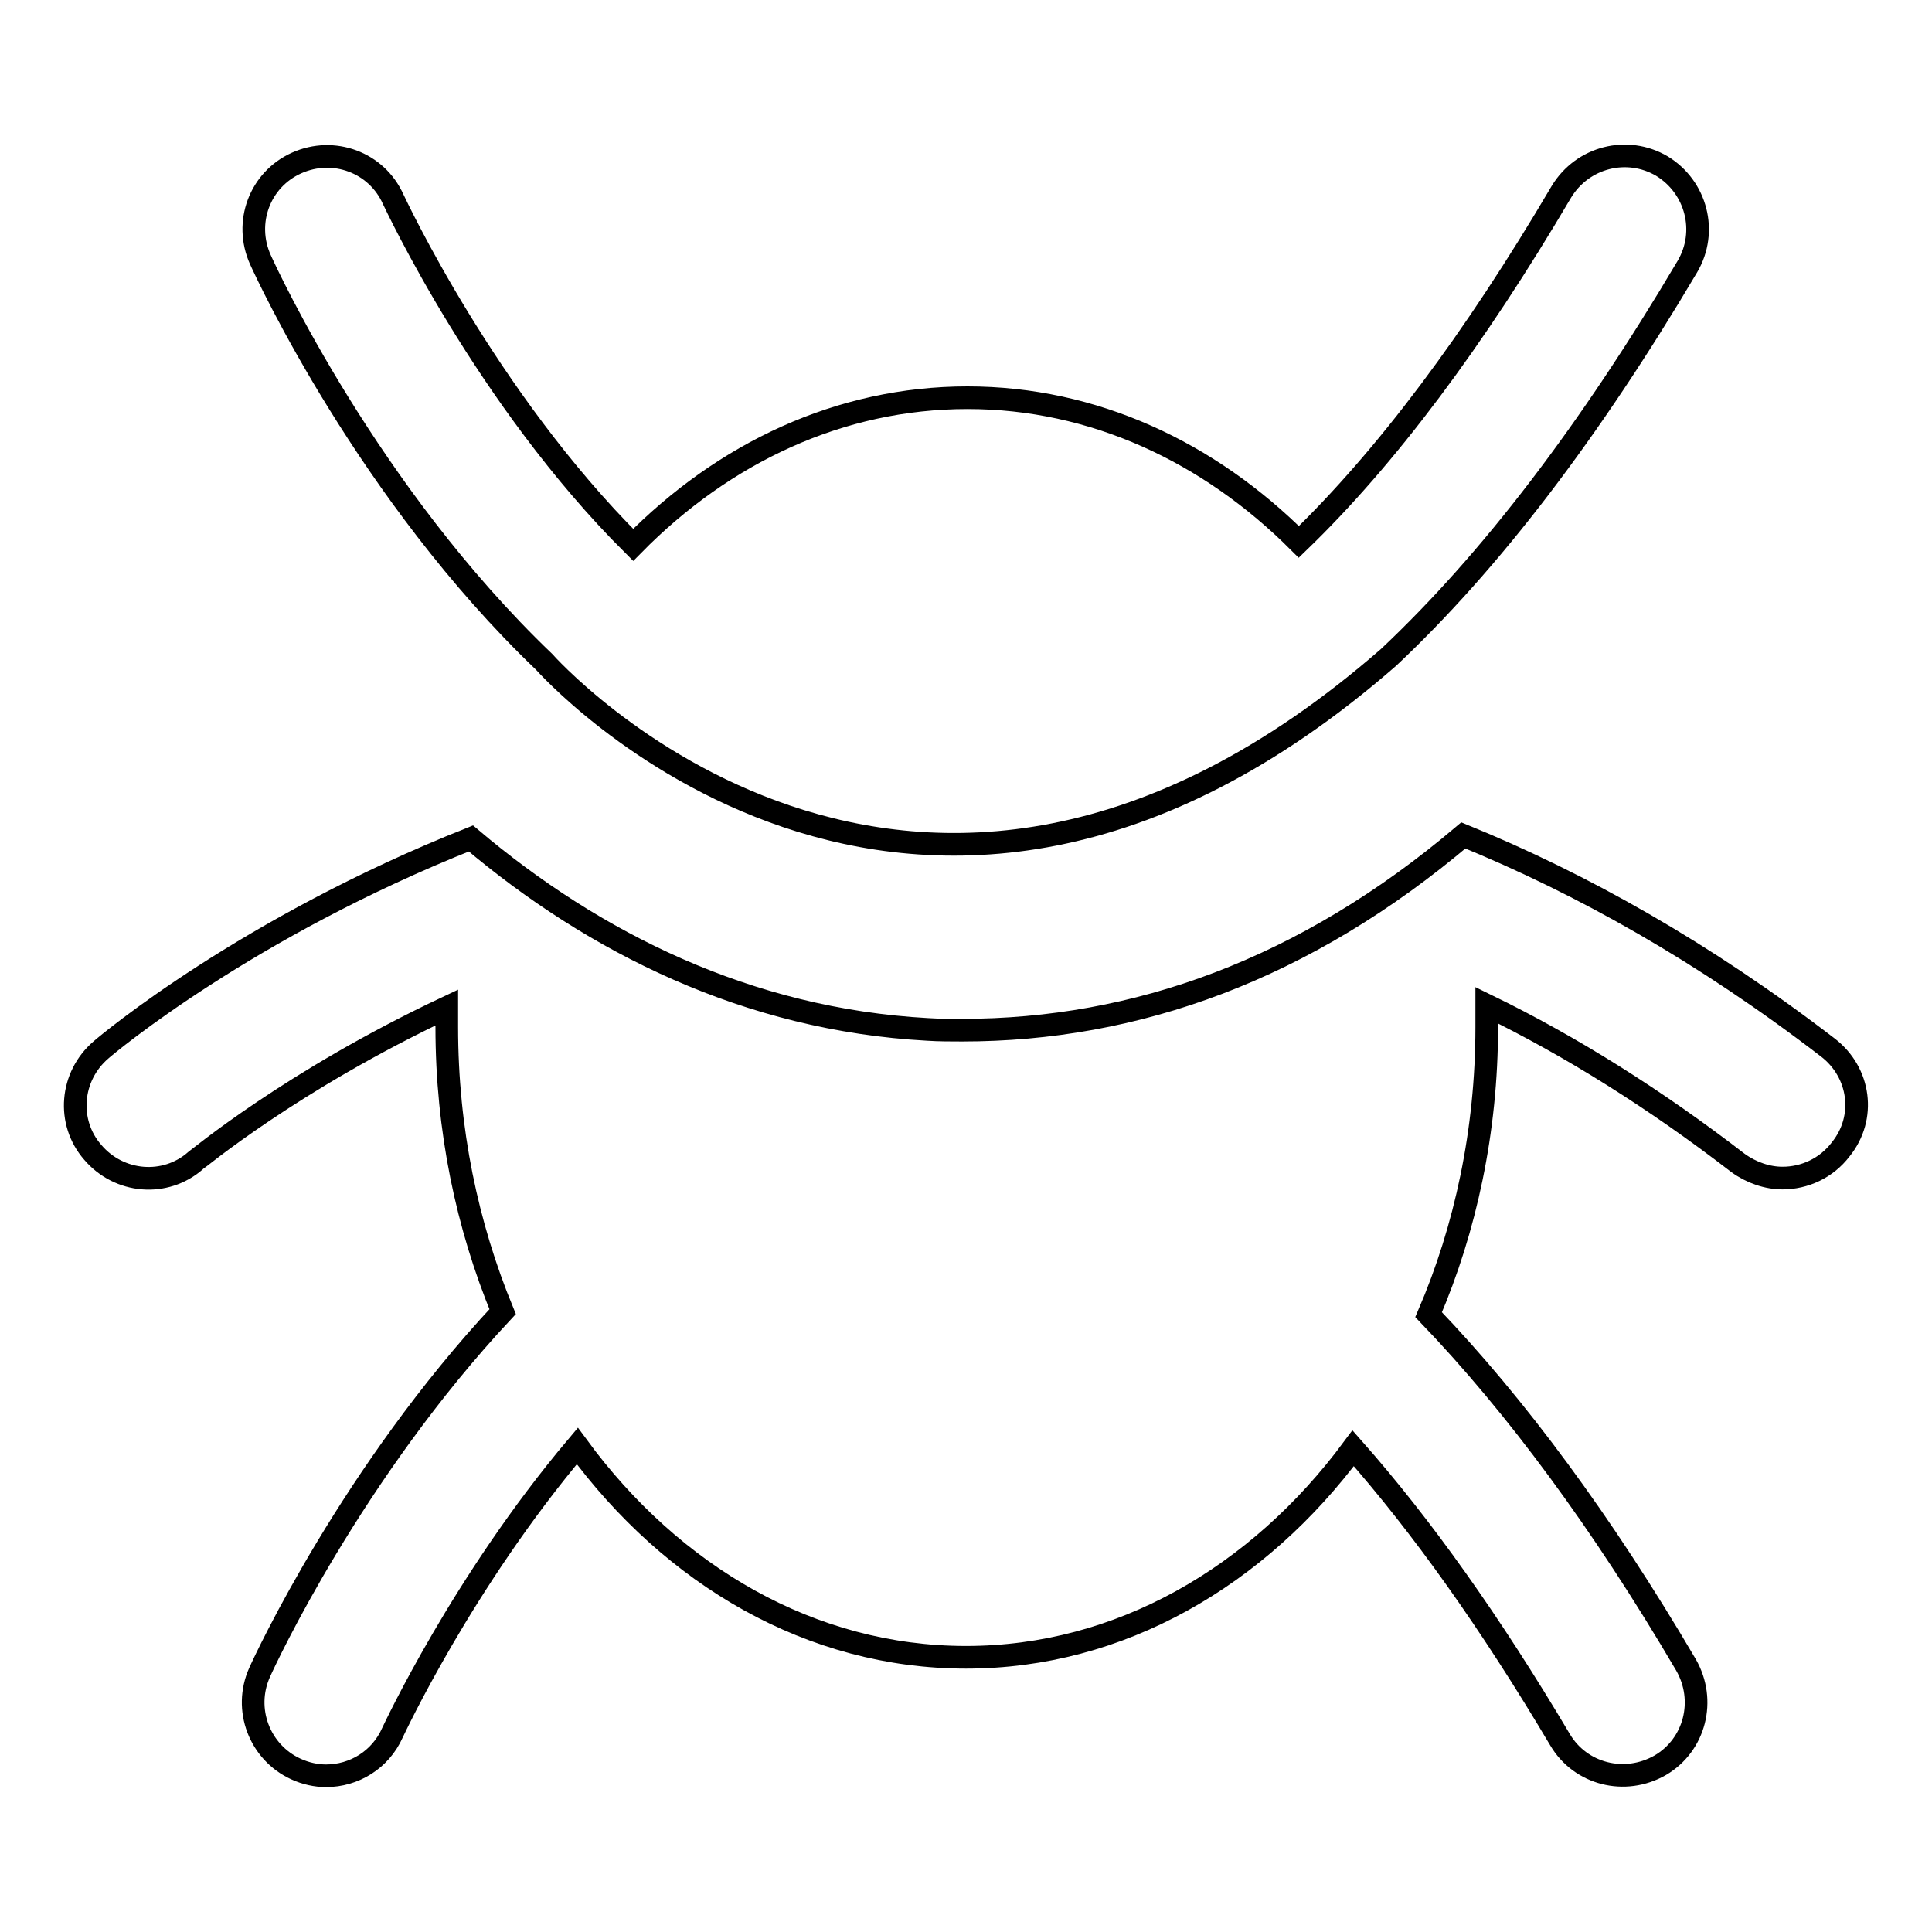 <?xml version="1.0" encoding="utf-8"?>
<!-- Svg Vector Icons : http://www.onlinewebfonts.com/icon -->
<!DOCTYPE svg PUBLIC "-//W3C//DTD SVG 1.1//EN" "http://www.w3.org/Graphics/SVG/1.1/DTD/svg11.dtd">
<svg version="1.1" xmlns="http://www.w3.org/2000/svg" xmlns:xlink="http://www.w3.org/1999/xlink" x="0px" y="0px" viewBox="0 0 256 256" enable-background="new 0 0 256 256" xml:space="preserve">
<g><g><path stroke-width="3" fill-opacity="0" stroke="#000000"  d="M242.2,138.8c-16.4-12.6-32.6-21.7-48.3-28.1l0,0c-21,17.8-43.4,25.8-66.4,25.8c-1.5,0-3.1,0-4.6-0.1c-23.8-1.3-44.2-11.5-60.5-25.3c-29.7,11.8-48.1,27.2-49,28c-4.1,3.5-4.6,9.6-1.1,13.6c3.5,4.1,9.6,4.6,13.6,1.1c0.2-0.1,12.7-10.6,33.3-20.3c0,0.9,0,1.7,0,2.6c0,13.6,2.7,26.3,7.4,37.7c-19.9,21.3-31.4,46-32.2,47.8c-2.2,4.9,0,10.6,4.8,12.8c1.3,0.6,2.7,0.9,4,0.9c3.7,0,7.2-2.1,8.8-5.7c0.2-0.4,9.3-20,24.5-38c12.6,17.2,31,28,51.5,28c20.4,0,38.7-10.7,51.3-27.7c9.1,10.3,18.2,23.1,27.4,38.6c2.7,4.6,8.6,6.1,13.3,3.4c4.6-2.7,6.1-8.6,3.4-13.3c-11.1-18.9-22.5-34.3-34.1-46.4c4.9-11.4,7.7-24.4,7.7-38.1c0-1,0-2,0-2.9c11.3,5.5,22.4,12.5,33.3,20.9c1.8,1.3,3.9,2,5.9,2c2.9,0,5.8-1.3,7.7-3.8C247.3,148.1,246.5,142.1,242.2,138.8z"/><path stroke-width="3" fill-opacity="0" stroke="#000000"  d="M72.1,87.7c0,0,48.4,54.8,111.9-0.6c13.5-12.7,26.7-30,39.6-51.8c2.7-4.6,1.2-10.5-3.4-13.3c-4.6-2.7-10.5-1.2-13.3,3.4c-11.6,19.7-23.2,35.2-34.8,46.4c-11.9-11.9-27.2-19.1-43.9-19.1c-16.9,0-32.3,7.3-44.3,19.5C64.4,52.8,52.4,27,52.1,26.4c-2.2-4.9-7.9-7-12.8-4.8c-4.9,2.2-7,7.9-4.8,12.8C35.4,36.4,48.8,65.4,72.1,87.7z"/></g></g>
</svg>

────────────────────

[Instructions for the task] Every record is to be repeated exactly, and no picture is carried over.

[Reply to the exercise]
 <?xml version="1.0" encoding="utf-8"?>
<!-- Svg Vector Icons : http://www.onlinewebfonts.com/icon -->
<!DOCTYPE svg PUBLIC "-//W3C//DTD SVG 1.1//EN" "http://www.w3.org/Graphics/SVG/1.1/DTD/svg11.dtd">
<svg version="1.1" xmlns="http://www.w3.org/2000/svg" xmlns:xlink="http://www.w3.org/1999/xlink" x="0px" y="0px" viewBox="0 0 256 256" enable-background="new 0 0 256 256" xml:space="preserve">
<g><g><path stroke-width="3" fill-opacity="0" stroke="#000000"  d="M242.2,138.8c-16.4-12.6-32.6-21.7-48.3-28.1l0,0c-21,17.8-43.4,25.8-66.4,25.8c-1.5,0-3.1,0-4.6-0.1c-23.8-1.3-44.2-11.5-60.5-25.3c-29.7,11.8-48.1,27.2-49,28c-4.1,3.5-4.6,9.6-1.1,13.6c3.5,4.1,9.6,4.6,13.6,1.1c0.2-0.1,12.7-10.6,33.3-20.3c0,0.9,0,1.7,0,2.6c0,13.6,2.7,26.3,7.4,37.7c-19.9,21.3-31.4,46-32.2,47.8c-2.2,4.9,0,10.6,4.8,12.8c1.3,0.6,2.7,0.9,4,0.9c3.7,0,7.2-2.1,8.8-5.7c0.2-0.4,9.3-20,24.5-38c12.6,17.2,31,28,51.5,28c20.4,0,38.7-10.7,51.3-27.7c9.1,10.3,18.2,23.1,27.4,38.6c2.7,4.6,8.6,6.1,13.3,3.4c4.6-2.7,6.1-8.6,3.4-13.3c-11.1-18.9-22.5-34.3-34.1-46.4c4.9-11.4,7.7-24.4,7.7-38.1c0-1,0-2,0-2.9c11.3,5.5,22.4,12.5,33.3,20.9c1.8,1.3,3.9,2,5.9,2c2.9,0,5.8-1.3,7.7-3.8C247.3,148.1,246.5,142.1,242.2,138.8z"/><path stroke-width="3" fill-opacity="0" stroke="#000000"  d="M72.1,87.7c0,0,48.4,54.8,111.9-0.6c13.5-12.7,26.7-30,39.6-51.8c2.7-4.6,1.2-10.5-3.4-13.3c-4.6-2.7-10.5-1.2-13.3,3.4c-11.6,19.7-23.2,35.2-34.8,46.4c-11.9-11.9-27.2-19.1-43.9-19.1c-16.9,0-32.3,7.3-44.3,19.5C64.4,52.8,52.4,27,52.1,26.4c-2.2-4.9-7.9-7-12.8-4.8c-4.9,2.2-7,7.9-4.8,12.8C35.4,36.4,48.8,65.4,72.1,87.7z"/></g></g>
</svg>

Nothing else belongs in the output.